**WORK TASK**: Under this line are records; the part from the line containing "Character: 郷" through the line containing "A book cover" should be repeated exactly. Please exclude pictures.

**INPUT DATA**:
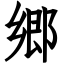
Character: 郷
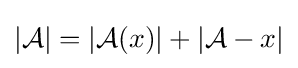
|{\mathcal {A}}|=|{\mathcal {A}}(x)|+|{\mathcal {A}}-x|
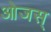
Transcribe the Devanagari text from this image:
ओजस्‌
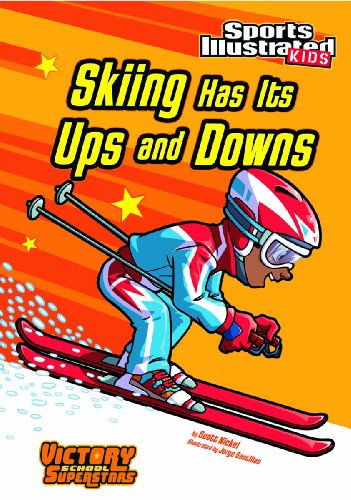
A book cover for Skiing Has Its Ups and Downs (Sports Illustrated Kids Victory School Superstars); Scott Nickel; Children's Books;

* * *

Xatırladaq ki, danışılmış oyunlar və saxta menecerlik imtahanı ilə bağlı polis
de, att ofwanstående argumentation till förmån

**WRITTEN SOLUTION**:
Character: 郷
|{\mathcal {A}}|=|{\mathcal {A}}(x)|+|{\mathcal {A}}-x|
Transcribe the Devanagari text from this image:
ओजस्‌
A book cover for Skiing Has Its Ups and Downs (Sports Illustrated Kids Victory School Superstars); Scott Nickel; Children's Books;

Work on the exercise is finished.